What we are doing when we use the $\epsilon - \delta$ definition to prove a limit:
By showing that this $\ \delta$ exists for all $ \epsilon > 0$, we've shown that no matter how small we make our "error distance" $\epsilon$, we can always find a corresponding $\delta$ ...

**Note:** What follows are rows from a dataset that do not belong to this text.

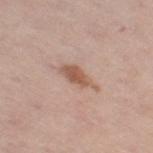{"biopsy_status": "not biopsied; imaged during a skin examination", "lighting": "white-light", "patient": {"sex": "female", "age_approx": 65}, "site": "right thigh", "image": {"source": "total-body photography crop", "field_of_view_mm": 15}, "automated_metrics": {"cielab_L": 56, "cielab_a": 20, "cielab_b": 29, "vs_skin_darker_L": 11.0, "vs_skin_contrast_norm": 8.0}}
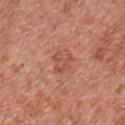notes — no biopsy performed (imaged during a skin exam) | automated lesion analysis — an area of roughly 4.5 mm², a shape eccentricity near 0.2, and a shape-asymmetry score of about 0.5 (0 = symmetric) | patient — male, roughly 70 years of age | image — 15 mm crop, total-body photography | body site — the chest.
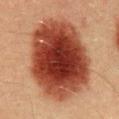{"biopsy_status": "not biopsied; imaged during a skin examination", "image": {"source": "total-body photography crop", "field_of_view_mm": 15}, "automated_metrics": {"cielab_L": 34, "cielab_a": 25, "cielab_b": 28, "vs_skin_darker_L": 18.0, "vs_skin_contrast_norm": 14.5}, "lighting": "cross-polarized", "site": "abdomen", "patient": {"sex": "male", "age_approx": 40}}
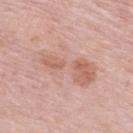No biopsy was performed on this lesion — it was imaged during a full skin examination and was not determined to be concerning.
Approximately 8 mm at its widest.
Located on the upper back.
A roughly 15 mm field-of-view crop from a total-body skin photograph.
A female subject, approximately 65 years of age.
Imaged with white-light lighting.
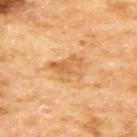| field | value |
|---|---|
| follow-up | no biopsy performed (imaged during a skin exam) |
| lesion diameter | ≈4.5 mm |
| image source | 15 mm crop, total-body photography |
| subject | female, aged approximately 60 |
| lighting | cross-polarized illumination |
| site | the upper back |
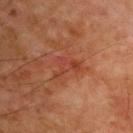The lesion is on the chest. This is a cross-polarized tile. The subject is a male approximately 55 years of age. This image is a 15 mm lesion crop taken from a total-body photograph.
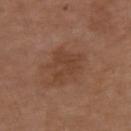This is a white-light tile.
The subject is a male in their mid- to late 70s.
A 15 mm close-up extracted from a 3D total-body photography capture.
On the left upper arm.
Automated tile analysis of the lesion measured a footprint of about 9 mm² and a shape-asymmetry score of about 0.4 (0 = symmetric). And it measured a mean CIELAB color near L≈41 a*≈20 b*≈29, roughly 6 lightness units darker than nearby skin, and a normalized border contrast of about 5.5. The software also gave border irregularity of about 4.5 on a 0–10 scale, a color-variation rating of about 2.5/10, and radial color variation of about 1.

The above paragraph is just explaining the $\forall \epsilon>0 \ (\exists \delta > 0$) part of the definition
Such that the $\delta$ we find implies that that limit $L$ exists within our "error distance" $\epsilon$
This paragraph above is just explaining this part of the definition :
$0 < |x-a| < \delta \implies |f(x)-L| < \epsilon$
To show why I think neither method I've outlined above is fully rigorous (I could be wrong), I will use both methods to prove a simple limit, and I will add some notes to either proof to show why they are correct, but also why they fall short of full mathematical rigor.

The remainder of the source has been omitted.